颔联“鲁国高名悬宇宙,汉家小吏待公卿”,进一步从名声和地位的角度进行对比。严光的高名仿佛悬挂在宇宙之间,永恒不朽;而汉家的官吏们仍在汲汲营营,等待着晋升为公卿的机会。这里通过“悬宇宙”与“待公卿”的对比,贬低了世俗的功名利禄,赞扬了严光精神的超越性和永恒价值。
颈联“天回御榻星辰动,人去空台山水清”,描写了历史的变迁和自然的永恒。昔日刘秀征召严光,帝王之威似乎连星辰都为之震动;然而如今斯人已去,只剩下空荡荡的钓台和清澈的山水。这一联既写出了帝王权势的短暂,也表现了自然山水的恒久与宁静,暗示了隐逸生活与自然合一的境界。
尾联“我欲长竿数千尺,坐来东海看潮生”,诗人笔锋一转,由古及今,直抒胸臆。诗人表示自己也想要拥有数千尺长的钓竿,坐在海边观看潮汐的生灭。这不仅是对严光行为的模仿,更是诗人内心渴望摆脱世俗羁绊、追求精神自由和自然和谐的强烈愿望的表达。“看潮生”三字,意境开阔,寓意深远,体现了诗人超然物外、顺应自然的人生态度。

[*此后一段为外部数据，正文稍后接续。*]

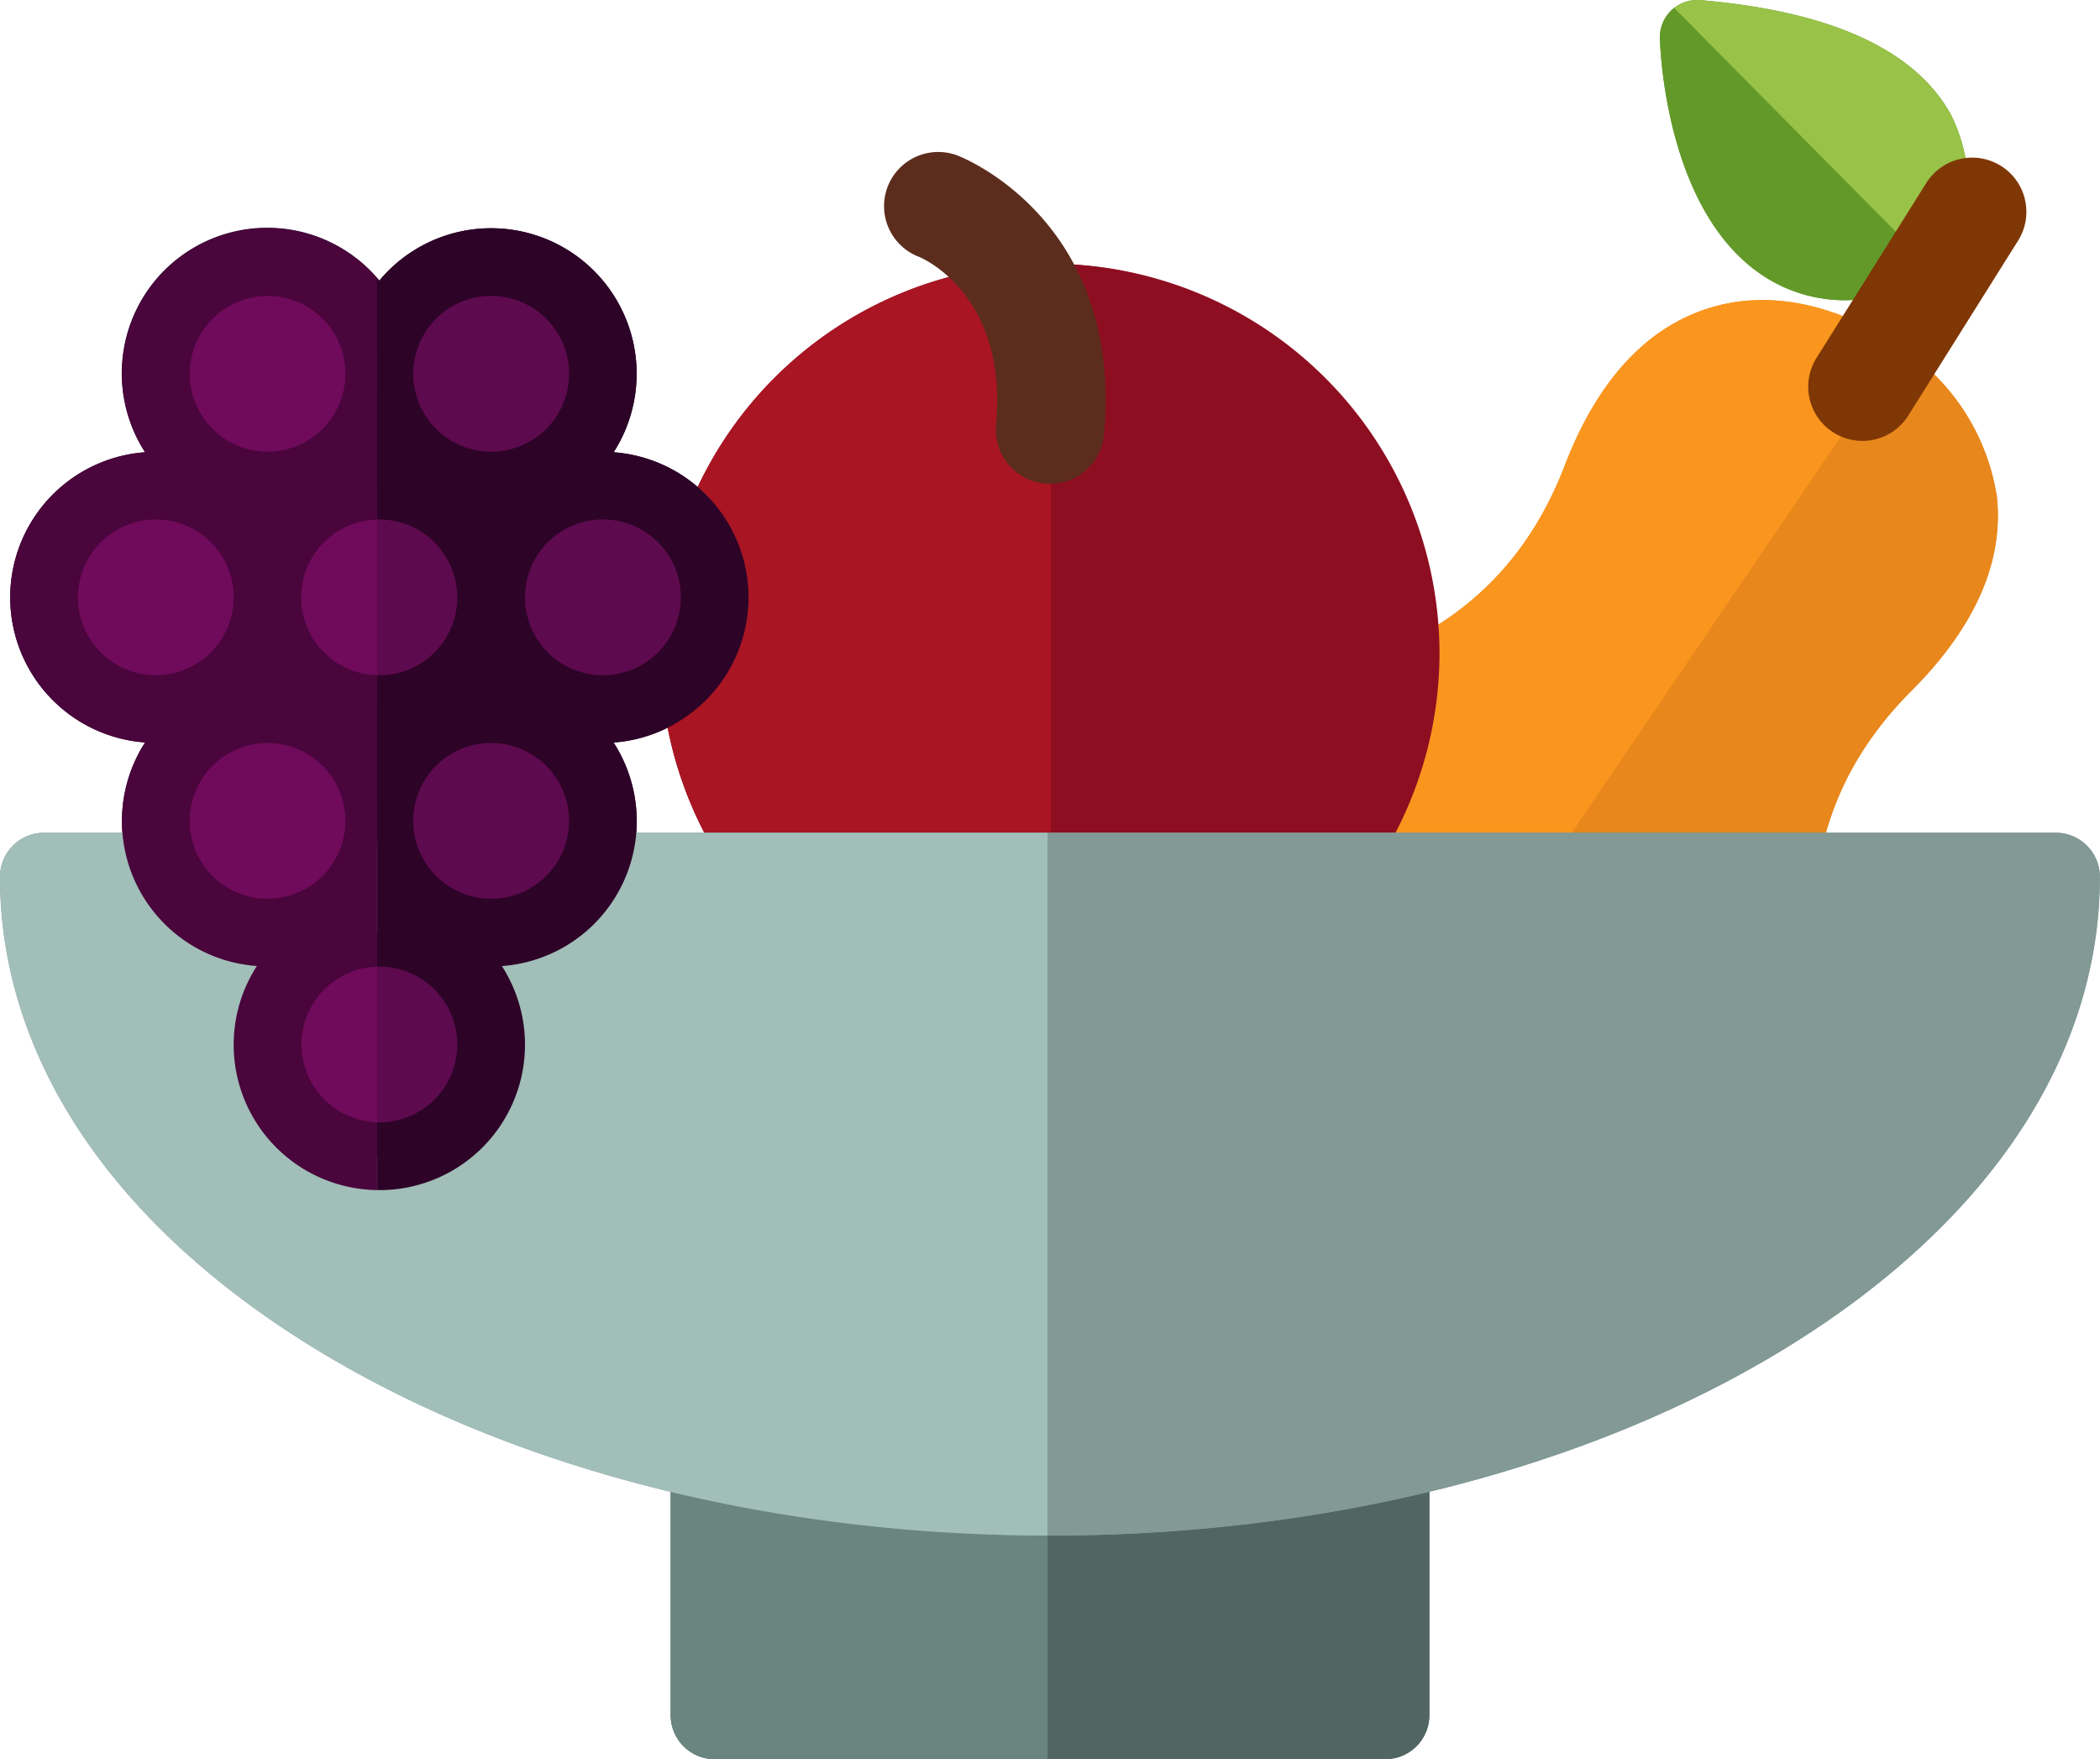 <svg xmlns="http://www.w3.org/2000/svg" width="97.473" height="81.651" viewBox="0 0 97.473 81.651">
  <g id="fruits-svgrepo-com" transform="translate(0 -24.105)">
    <path id="Path_58" data-name="Path 58" d="M35.711,73.509a6.764,6.764,0,0,0-6.262-6.735,6.754,6.754,0,0,0-10.875-7.968c-.034-.041-.07-.079-.1-.119A6.752,6.752,0,0,0,7.7,66.774a6.753,6.753,0,0,0,0,13.47A6.743,6.743,0,0,0,12.888,90.62a6.746,6.746,0,0,0,5.582,10.4c.035,0,.069.005.1.005a6.749,6.749,0,0,0,5.687-10.4,6.743,6.743,0,0,0,5.188-10.376A6.764,6.764,0,0,0,35.711,73.509ZM23.763,59.517a3.616,3.616,0,1,1-3.616,3.616A3.62,3.62,0,0,1,23.763,59.517ZM18.47,69.9c.035,0,.069-.005.1-.005a3.616,3.616,0,0,1,0,7.232c-.035,0-.07,0-.1-.005a3.612,3.612,0,0,1,0-7.222ZM13.386,59.517A3.616,3.616,0,1,1,9.77,63.133,3.62,3.62,0,0,1,13.386,59.517ZM8.2,77.125a3.616,3.616,0,1,1,3.616-3.616A3.62,3.62,0,0,1,8.2,77.125ZM13.386,87.5A3.616,3.616,0,1,1,17,83.885,3.62,3.62,0,0,1,13.386,87.5Zm5.188,10.376c-.035,0-.07,0-.1-.005a3.612,3.612,0,0,1,0-7.222c.035,0,.069-.005.1-.005a3.616,3.616,0,1,1,0,7.232ZM23.763,87.5a3.616,3.616,0,1,1,3.616-3.616A3.62,3.62,0,0,1,23.763,87.5Zm5.188-10.376a3.616,3.616,0,1,1,3.616-3.616A3.62,3.62,0,0,1,28.951,77.125Z" transform="translate(-0.966 -21.678)" fill="#2d0327"/>
    <path id="Path_59" data-name="Path 59" d="M248.283,29.462c-1.645-3.033-5.566-4.833-11.653-5.352a1.739,1.739,0,0,0-1.217.366c-.041.032-.081.065-.119.1a1.73,1.73,0,0,0-.539,1.309c.025.825.374,8.14,4.814,11.032a6.885,6.885,0,0,0,3.836,1.122,10.572,10.572,0,0,0,3.958-.858,1.844,1.844,0,0,0,.874-.785A7.79,7.79,0,0,0,248.283,29.462Z" transform="translate(-157.71)" fill="#639929"/>
    <path id="Path_60" data-name="Path 60" d="M249.587,36.4a7.784,7.784,0,0,0,.046-6.936c-1.645-3.033-5.566-4.833-11.653-5.352a1.738,1.738,0,0,0-1.217.366l12.347,12.473A1.73,1.73,0,0,0,249.587,36.4Z" transform="translate(-159.06)" fill="#99c248"/>
    <path id="Path_61" data-name="Path 61" d="M235.414,25.239c-.041.032-.081.065-.119.1a1.73,1.73,0,0,0-.539,1.309c.025.825.374,8.14,4.814,11.032a6.885,6.885,0,0,0,3.836,1.122,10.571,10.571,0,0,0,3.958-.858,1.718,1.718,0,0,0,.4-.234Z" transform="translate(-157.71 -0.762)" fill="#639929"/>
    <path id="Path_62" data-name="Path 62" d="M128.021,228.824a2.044,2.044,0,0,0-2.044,2.044H98.936a2.044,2.044,0,1,0-4.087,0v10.376a2.044,2.044,0,0,0,2.044,2.044h31.128a2.044,2.044,0,0,0,2.044-2.044V230.868A2.043,2.043,0,0,0,128.021,228.824Z" transform="translate(-63.72 -137.532)" fill="#516662"/>
    <path id="Path_63" data-name="Path 63" d="M98.936,230.868a2.044,2.044,0,1,0-4.087,0v10.376a2.044,2.044,0,0,0,2.044,2.044h15.46v-12.42H98.936Z" transform="translate(-63.72 -137.532)" fill="#6a847f"/>
    <path id="Path_64" data-name="Path 64" d="M163.851,228.824a2.044,2.044,0,0,0-2.044,2.044H148.182v12.42h15.669a2.044,2.044,0,0,0,2.044-2.044V230.868A2.044,2.044,0,0,0,163.851,228.824Z" transform="translate(-99.55 -137.532)" fill="#516662"/>
    <path id="Path_65" data-name="Path 65" d="M197.275,75.675a10.15,10.15,0,0,0-4.434-6.919c-.159-.113-.309-.216-.437-.3-1.326-.861-4.816-2.728-8.577-1.507-2.889.939-5.115,3.393-6.614,7.294-1.923,5-5.552,8.14-11.1,9.594A14.1,14.1,0,0,0,155.825,94.7c-.52,3.23-.028,9.488,8.889,15.463.145.1.286.194.435.291,4.656,3.021,8.5,4,11.524,4a12.037,12.037,0,0,0,6.665-1.908,14.1,14.1,0,0,0,5.728-13.822c-.931-5.656.457-10.249,4.242-14.042C196.26,81.729,197.595,78.7,197.275,75.675Z" transform="translate(-104.589 -28.514)" fill="#e8871c"/>
    <path id="Path_66" data-name="Path 66" d="M192.4,68.457c-1.326-.861-4.816-2.728-8.577-1.507-2.889.939-5.115,3.393-6.614,7.294-1.923,5-5.552,8.14-11.1,9.594A14.1,14.1,0,0,0,155.825,94.7c-.52,3.23-.028,9.488,8.889,15.463l28.127-41.41C192.683,68.643,192.533,68.54,192.4,68.457Z" transform="translate(-104.589 -28.514)" fill="#fa961e"/>
    <path id="Path_67" data-name="Path 67" d="M215.76,80.2a10.15,10.15,0,0,0-4.434-6.919L183.2,114.687c.145.1.286.194.435.291,4.656,3.021,8.5,4,11.524,4a12.035,12.035,0,0,0,6.664-1.908,14.1,14.1,0,0,0,5.728-13.822c-.931-5.656.457-10.249,4.242-14.042C214.745,86.249,216.08,83.217,215.76,80.2Z" transform="translate(-123.074 -33.034)" fill="#e8871c"/>
    <path id="Path_68" data-name="Path 68" d="M111.544,61.4h-.053a18.08,18.08,0,1,0,0,36.16h.053a18.079,18.079,0,0,0,0-36.157Z" transform="translate(-62.755 -25.057)" fill="#8e0e21"/>
    <path id="Path_69" data-name="Path 69" d="M111.492,61.4a18.08,18.08,0,1,0,0,36.16h.053V61.4Z" transform="translate(-62.755 -25.057)" fill="#a91523"/>
    <path id="Path_70" data-name="Path 70" d="M166.688,79.484a18.1,18.1,0,0,0-18.027-18.078V97.563A18.1,18.1,0,0,0,166.688,79.484Z" transform="translate(-99.872 -25.059)" fill="#8e0e21"/>
    <g id="Group_10" data-name="Group 10" transform="translate(41.033 31.156)">
      <path id="Path_71" data-name="Path 71" d="M132.733,61q-.114,0-.23-.011a2.516,2.516,0,0,1-2.278-2.732c.556-6.134-3.545-7.786-3.586-7.8a2.515,2.515,0,1,1,1.807-4.695c.314.121,7.684,3.075,6.79,12.95A2.516,2.516,0,0,1,132.733,61Z" transform="translate(-125.026 -45.591)" fill="#5c2d1d"/>
    </g>
    <path id="Path_72" data-name="Path 72" d="M95.429,141.879H2.044A2.044,2.044,0,0,0,0,143.923c0,8.361,5.2,16.146,14.654,21.921,9.111,5.567,21.174,8.64,33.978,8.656h.1c12.843,0,24.947-3.075,34.082-8.657,9.45-5.774,14.654-13.559,14.654-21.92A2.044,2.044,0,0,0,95.429,141.879Z" transform="translate(0 -79.122)" fill="#829995"/>
    <path id="Path_73" data-name="Path 73" d="M2.044,141.878A2.044,2.044,0,0,0,0,143.922c0,8.361,5.2,16.146,14.654,21.921,9.111,5.567,21.174,8.64,33.978,8.656V141.878H2.044Z" transform="translate(0 -79.121)" fill="#a1beb9"/>
    <path id="Path_74" data-name="Path 74" d="M194.979,141.879h-46.8V174.5h.1c12.843,0,24.947-3.075,34.082-8.657,9.45-5.775,14.654-13.56,14.654-21.921A2.044,2.044,0,0,0,194.979,141.879Z" transform="translate(-99.55 -79.122)" fill="#829995"/>
    <g id="Group_11" data-name="Group 11" transform="translate(83.93 31.389)">
      <path id="Path_75" data-name="Path 75" d="M258.247,59.479a2.516,2.516,0,0,1-2.128-3.853l5.115-8.149a2.516,2.516,0,0,1,4.262,2.674L260.38,58.3A2.514,2.514,0,0,1,258.247,59.479Z" transform="translate(-255.734 -46.299)" fill="#7f3705"/>
    </g>
    <path id="Path_76" data-name="Path 76" d="M27.224,61.162a5.188,5.188,0,1,0,5.083,6.229V65.309A5.19,5.19,0,0,0,27.224,61.162Z" transform="translate(-14.804 -24.895)" fill="#700a5a"/>
    <path id="Path_77" data-name="Path 77" d="M53.334,73.8V75.88a5.228,5.228,0,0,0,0-2.082Z" transform="translate(-35.83 -33.384)" fill="#700a5a"/>
    <path id="Path_78" data-name="Path 78" d="M43.033,92.779c-.035,0-.07,0-.1.005a5.184,5.184,0,0,0,0,10.366c.035,0,.069.005.1.005a5.188,5.188,0,0,0,0-10.376Z" transform="translate(-25.425 -46.136)" fill="#5e0a4e"/>
    <path id="Path_79" data-name="Path 79" d="M37.844,97.978a5.185,5.185,0,0,0,5.083,5.183V92.795A5.185,5.185,0,0,0,37.844,97.978Z" transform="translate(-25.424 -46.147)" fill="#700a5a"/>
    <path id="Path_80" data-name="Path 80" d="M53.439,92.779c-.035,0-.07,0-.1.005V103.15c.035,0,.069.005.1.005a5.188,5.188,0,1,0,0-10.376Z" transform="translate(-35.83 -46.136)" fill="#5e0a4e"/>
    <circle id="Ellipse_17" data-name="Ellipse 17" cx="5.188" cy="5.188" r="5.188" transform="translate(17.609 36.267)" fill="#5e0a4e"/>
    <circle id="Ellipse_18" data-name="Ellipse 18" cx="5.188" cy="5.188" r="5.188" transform="translate(22.797 46.643)" fill="#5e0a4e"/>
    <path id="Path_81" data-name="Path 81" d="M27.224,124.395a5.188,5.188,0,1,0,5.083,6.229v-2.082A5.189,5.189,0,0,0,27.224,124.395Z" transform="translate(-14.804 -67.376)" fill="#700a5a"/>
    <path id="Path_82" data-name="Path 82" d="M53.334,137.031v2.082a5.228,5.228,0,0,0,0-2.082Z" transform="translate(-35.83 -75.865)" fill="#700a5a"/>
    <circle id="Ellipse_19" data-name="Ellipse 19" cx="5.188" cy="5.188" r="5.188" transform="translate(17.609 57.019)" fill="#5e0a4e"/>
    <path id="Path_83" data-name="Path 83" d="M43.033,156.011c-.035,0-.07,0-.1.005a5.184,5.184,0,0,0,0,10.366c.035,0,.069.005.1.005a5.188,5.188,0,1,0,0-10.376Z" transform="translate(-25.425 -88.616)" fill="#5e0a4e"/>
    <path id="Path_84" data-name="Path 84" d="M37.844,161.21a5.185,5.185,0,0,0,5.083,5.183V156.027A5.186,5.186,0,0,0,37.844,161.21Z" transform="translate(-25.424 -88.626)" fill="#700a5a"/>
    <path id="Path_85" data-name="Path 85" d="M53.439,156.011c-.035,0-.07,0-.1.005v10.366c.035,0,.069.005.1.005a5.188,5.188,0,1,0,0-10.376Z" transform="translate(-35.83 -88.616)" fill="#5e0a4e"/>
    <g id="Group_12" data-name="Group 12" transform="translate(0.472 34.695)">
      <circle id="Ellipse_20" data-name="Ellipse 20" cx="5.188" cy="5.188" r="5.188" transform="translate(1.572 11.948)" fill="#700a5a"/>
      <path id="Path_86" data-name="Path 86" d="M14.959,94.262a3.618,3.618,0,0,1,3.511-3.611V77.12a3.612,3.612,0,0,1,0-7.222V58.687A6.752,6.752,0,0,0,7.7,66.774a6.753,6.753,0,0,0,0,13.47A6.743,6.743,0,0,0,12.888,90.62a6.746,6.746,0,0,0,5.582,10.4V97.872A3.617,3.617,0,0,1,14.959,94.262ZM13.386,59.517A3.616,3.616,0,1,1,9.77,63.133,3.62,3.62,0,0,1,13.386,59.517ZM8.2,77.125a3.616,3.616,0,1,1,3.616-3.616A3.62,3.62,0,0,1,8.2,77.125ZM13.386,87.5A3.616,3.616,0,1,1,17,83.885,3.62,3.62,0,0,1,13.386,87.5Z" transform="translate(-1.438 -56.373)" fill="#49053c"/>
      <path id="Path_87" data-name="Path 87" d="M70.575,73.509a6.764,6.764,0,0,0-6.262-6.735,6.754,6.754,0,0,0-10.875-7.968c-.034-.041-.07-.079-.1-.119V69.9c.035,0,.069-.005.1-.005a3.616,3.616,0,1,1,0,7.232c-.035,0-.07,0-.1-.005V90.651c.035,0,.069-.005.1-.005a3.616,3.616,0,1,1,0,7.232c-.035,0-.07,0-.1-.005v3.144c.035,0,.069.005.1.005a6.749,6.749,0,0,0,5.687-10.4,6.743,6.743,0,0,0,5.188-10.376A6.766,6.766,0,0,0,70.575,73.509ZM55.011,63.133a3.616,3.616,0,1,1,3.616,3.616A3.62,3.62,0,0,1,55.011,63.133ZM58.627,87.5a3.616,3.616,0,1,1,3.616-3.616A3.62,3.62,0,0,1,58.627,87.5Zm5.188-10.376a3.616,3.616,0,1,1,3.616-3.616A3.62,3.62,0,0,1,63.815,77.125Z" transform="translate(-36.302 -56.373)" fill="#2d0327"/>
    </g>
  </g>
</svg>

整首诗语言凝练,意境深远,对比鲜明,情感真挚。通过对严光隐居生活的描绘和历史变迁的感慨,诗人成功地塑造了一个高洁隐士的形象,并借此抒发了自己的情怀,具有很高的艺术感染力。
创作背景
这首诗是明代诗人张以宁游览浙江桐庐严子陵钓台时所作。严子陵钓台是东汉著名隐士严光(字子陵)隐居垂钓的地方,位于今浙江省桐庐县富春江畔。张以宁作为明朝初期的文人,对前代高士严光的隐逸情怀和崇高气节十分敬仰。他在诗中通过对严光隐居生活的描绘和对刘秀帝王身份的对比,表达了对严光淡泊名利、坚守节操的赞美,同时也抒发了自己向往隐逸、超脱世俗的情感。明代初期,政治环境复杂,许多文人对官场感到疲惫,因此隐逸文化在士大夫阶层中颇为流行,张以宁的这首诗正是这种时代心理和个人情怀的体现。